New Year’s Eve Party

  If you’re in town, the fire pits will be blazing and perhaps some of the residents will be lit as well. Welcome to NYE Indian Valley recovery style! Down at the Spot on Pine Street there will be vendors from 5 p.m. to 8 p.m., karaoke, the Way Baby will be serving up drinks and late night snacks. 6 p.m. to 9 p.m. will be ‘family fun entertainment’ with movies and popcorn and fireworks at 9:30 p.m., along with some axe throwing contests because, why not? The non-stop fun ends at about 12:30 p.m. Say goodbye to 2022 and hello to 2023 Indian Valley style.

Book Giveaway at the Library 

  The Plumas County Library is running a book giveaway from December 5 to 30 from babies to teenagers during open hours. Kids can pick up an activity sheet, complete it, and return to pick out a free book which are also available on the website www.plumascounty.us/593. The Greenville Temporary Branch site is at Greenville High School Room 402. Call (530) 283-6310.

Zone Captains

  We will keep posting this until all the zone captains are filled. In order to be a Firewise community we need ‘zone captains.’ If you have some time and would like to volunteer, please send Marsha Roby an email at [email protected]. I know she’d be happy to answer any questions you might have about it and let you know if your neighborhood still needs one.

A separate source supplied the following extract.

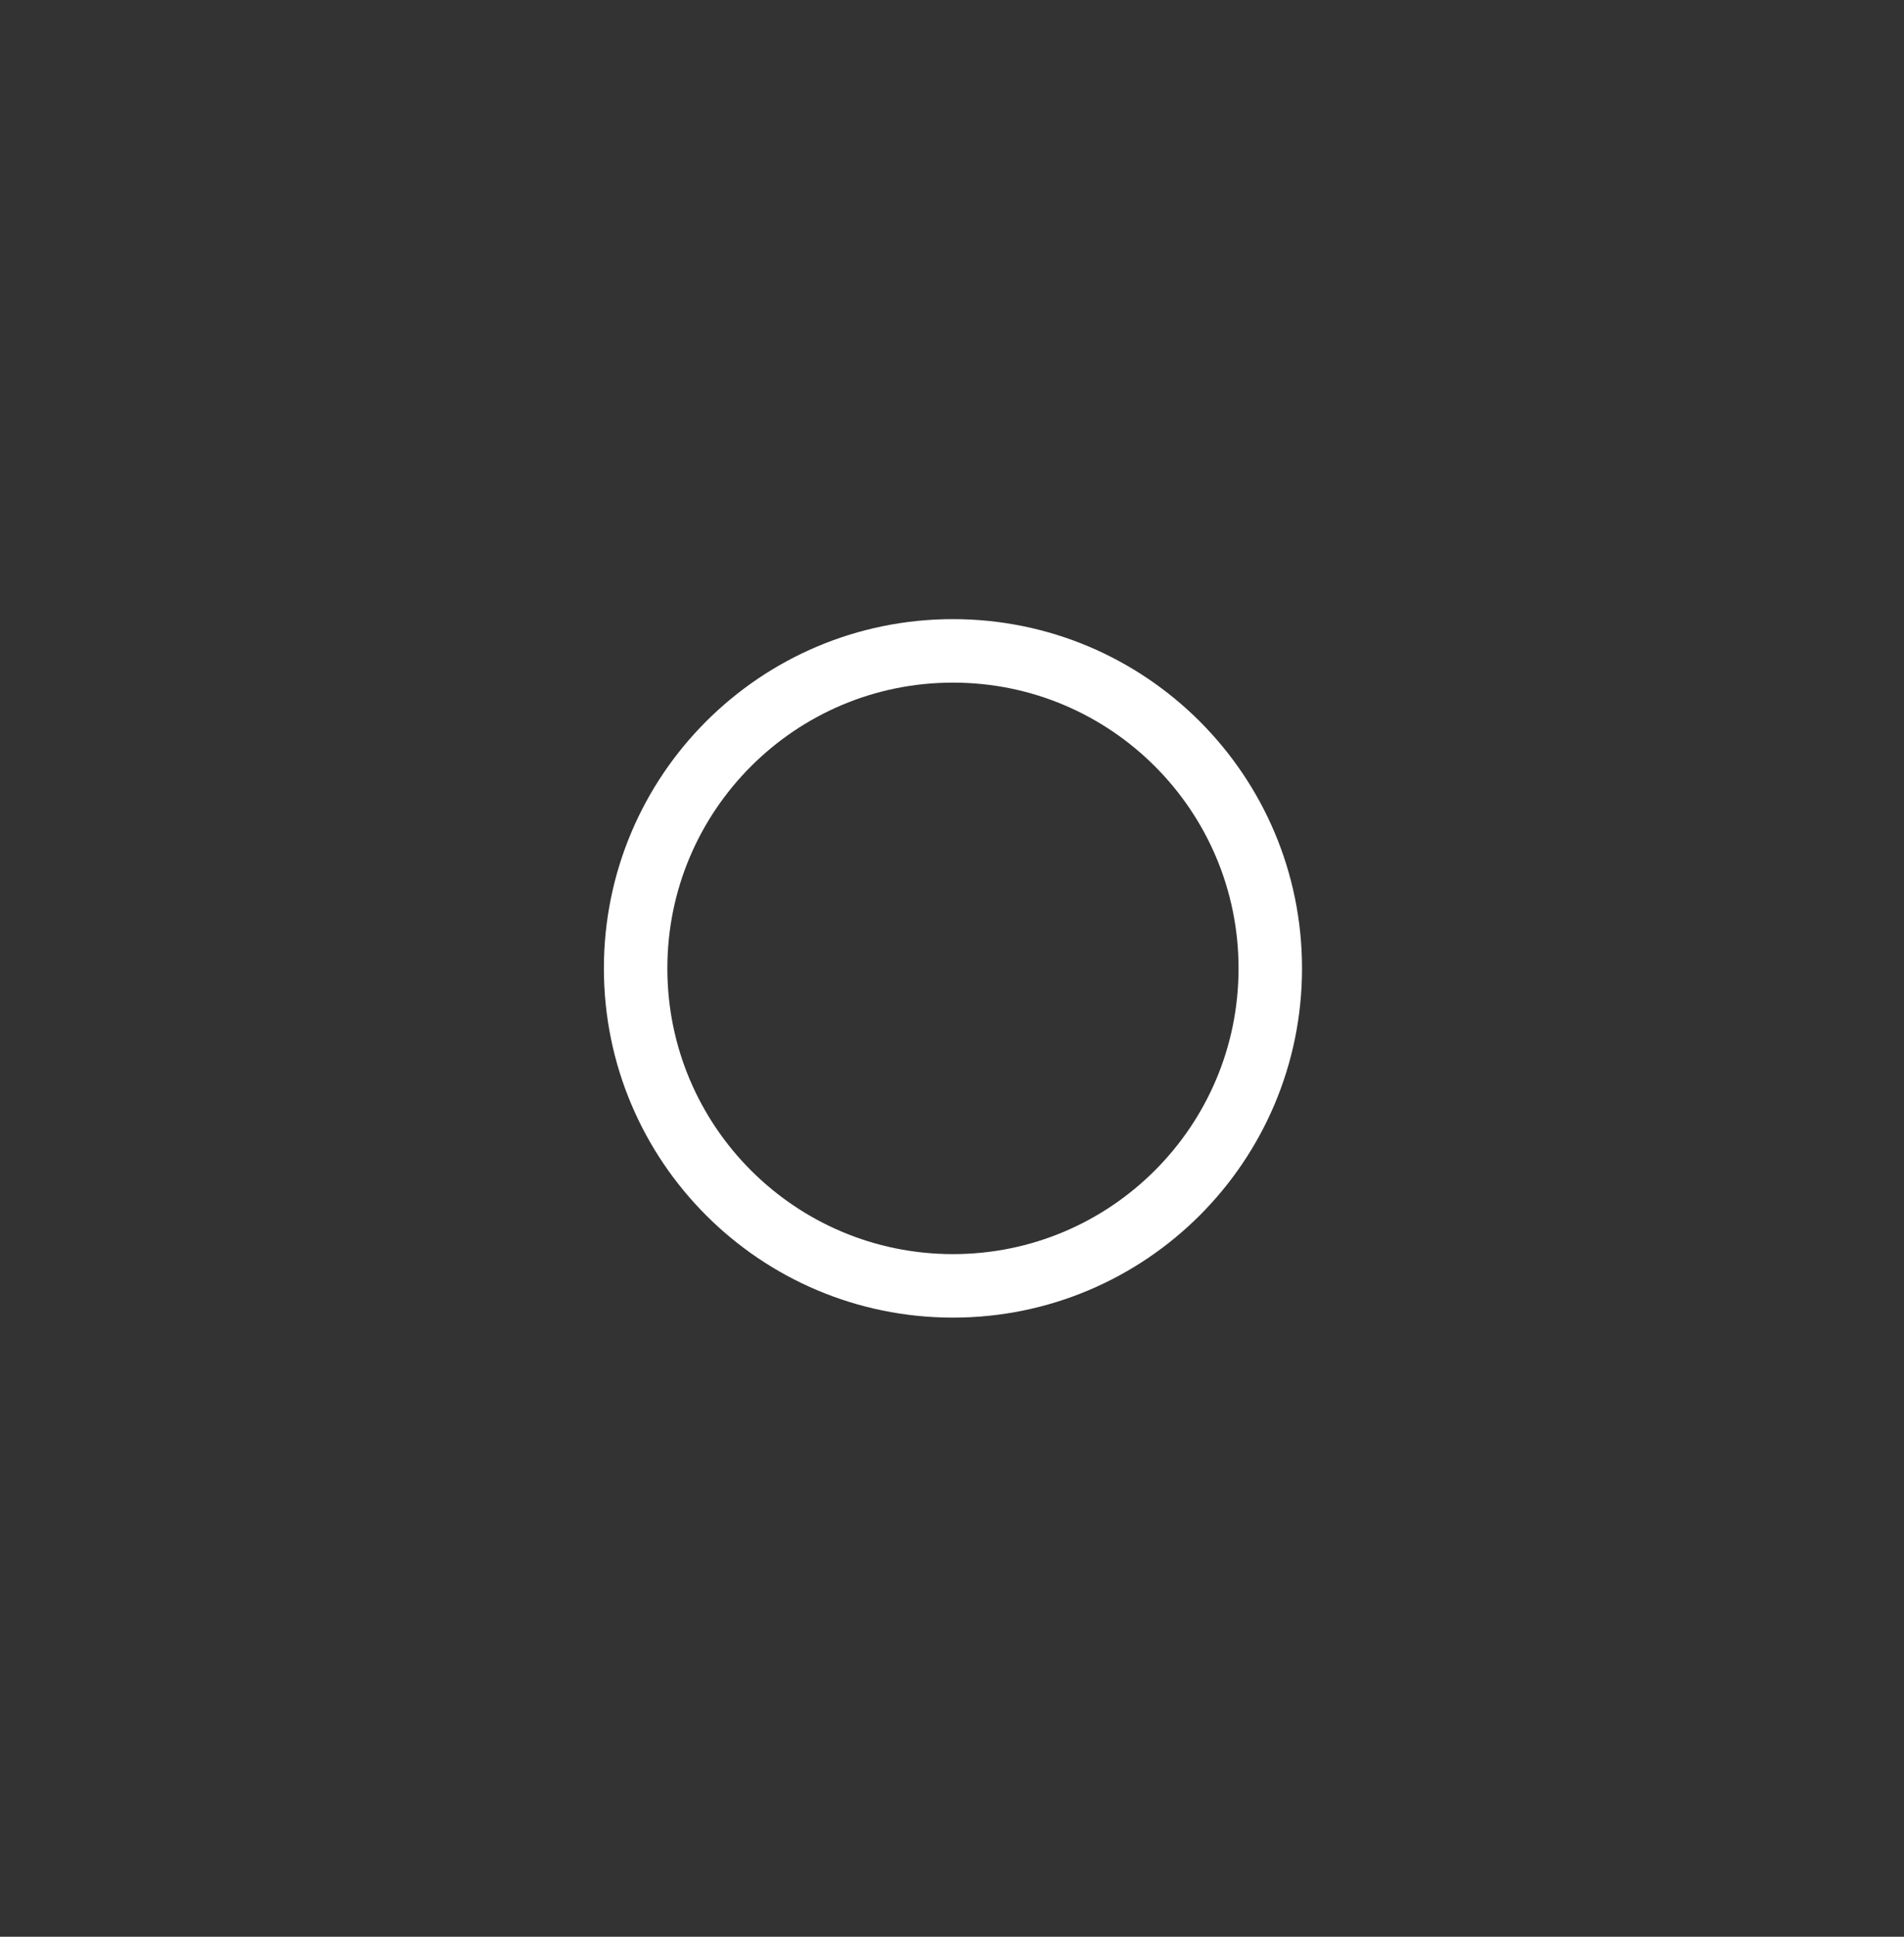 <?xml version="1.0" encoding="UTF-8"?><svg xmlns="http://www.w3.org/2000/svg" xmlns:xlink="http://www.w3.org/1999/xlink" xmlns:avocode="https://avocode.com/" id="SVGDoc6581efd4f206c" width="60px" height="61px" version="1.1" viewBox="0 0 60 61" aria-hidden="true"><rect x="0" y="0" width="60" height="61" fill="#333333" stroke="none"/><defs><linearGradient class="cerosgradient" data-cerosgradient="true" id="CerosGradient_id2f1b7167a" gradientUnits="userSpaceOnUse" x1="50%" y1="100%" x2="50%" y2="0%"><stop offset="0%" stop-color="#d1d1d1"/><stop offset="100%" stop-color="#d1d1d1"/></linearGradient><linearGradient/></defs><g><g><path d="M30.03,40.5c5.523,0 10,-4.477 10,-10c0,-5.523 -4.477,-10 -10,-10c-5.523,0 -10,4.477 -10,10c0,5.523 4.477,10 10,10z" fill-opacity="0" fill="#ffffff" stroke-linejoin="miter" stroke-linecap="butt" stroke-opacity="1" stroke="#ffffff" stroke-miterlimit="20" stroke-width="2"/></g></g></svg>

Dixie Fire Resource Center

   The Dixie Fire Resource Center (DFRC) is updating its hours of operation. Effective as of January 1, 2023, and will be open Tuesday through Friday from 10 a.m. to 3 p.m. The DFRC will also be open the third Saturday of the month from 10 a.m. to 3 p.m. We encourage the community to visit us during these hours to use our wireless internet and computer access, connect with the Disaster Case Management Program, and access the wide variety of community and fire recovery resources we have available (food, clothing, heating assistance, referrals for employment support, and more).

   Plumas Rural Services (PRS) is pleased to announce that Dan Litchfield, the Disaster Case Management Program’s Construction Cost Analyst, will be holding office hours at the DFRC Tuesdays and Thursdays from 10 a.m. to 1 p.m. effective immediately. During office hours, those working to rebuild may receive support in understanding the permitting process, reviewing the checklist outlining the permit process, finding a contractor, reviewing contractor bids, etc. Litchfield will also conduct site visits to better answer project specific questions. He will also meet with those needing his assistance by appointment. Survivors can make an appointment with Litchfield by calling (530) 283-2735, ext. 834 or emailing [email protected].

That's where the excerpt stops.